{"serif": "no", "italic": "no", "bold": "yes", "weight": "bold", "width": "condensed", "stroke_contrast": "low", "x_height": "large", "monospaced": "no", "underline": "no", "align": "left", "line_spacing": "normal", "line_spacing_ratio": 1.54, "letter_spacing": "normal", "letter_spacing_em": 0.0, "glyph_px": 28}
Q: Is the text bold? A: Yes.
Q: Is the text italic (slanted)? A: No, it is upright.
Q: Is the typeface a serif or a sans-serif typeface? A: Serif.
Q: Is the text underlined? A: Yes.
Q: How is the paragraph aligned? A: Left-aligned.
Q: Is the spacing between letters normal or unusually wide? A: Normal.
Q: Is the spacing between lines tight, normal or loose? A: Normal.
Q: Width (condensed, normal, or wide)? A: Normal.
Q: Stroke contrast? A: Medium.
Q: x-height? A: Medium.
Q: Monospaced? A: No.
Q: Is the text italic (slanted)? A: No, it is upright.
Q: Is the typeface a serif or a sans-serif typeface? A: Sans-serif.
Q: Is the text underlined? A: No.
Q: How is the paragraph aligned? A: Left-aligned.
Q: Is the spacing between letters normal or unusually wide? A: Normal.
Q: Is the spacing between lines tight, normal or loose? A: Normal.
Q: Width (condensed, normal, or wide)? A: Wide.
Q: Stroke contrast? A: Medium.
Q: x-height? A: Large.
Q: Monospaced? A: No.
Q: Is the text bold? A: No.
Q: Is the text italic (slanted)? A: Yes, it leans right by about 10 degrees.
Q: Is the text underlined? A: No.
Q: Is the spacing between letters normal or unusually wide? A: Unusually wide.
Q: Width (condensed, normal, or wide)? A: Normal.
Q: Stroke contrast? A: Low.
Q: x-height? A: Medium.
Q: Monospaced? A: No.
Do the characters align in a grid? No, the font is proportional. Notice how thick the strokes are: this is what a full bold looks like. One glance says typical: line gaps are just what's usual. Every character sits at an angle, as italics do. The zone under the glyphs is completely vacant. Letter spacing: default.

==========

◆ **Task item**
Each line from the top of the material above, through the one that contains "Q: Is the text bold? A: Yes.", should be restated word for word.

◆ **Exercise result**
{"serif": "no", "italic": "no", "bold": "yes", "weight": "bold", "width": "condensed", "stroke_contrast": "low", "x_height": "large", "monospaced": "no", "underline": "no", "align": "left", "line_spacing": "normal", "line_spacing_ratio": 1.54, "letter_spacing": "normal", "letter_spacing_em": 0.0, "glyph_px": 28}
Q: Is the text bold? A: Yes.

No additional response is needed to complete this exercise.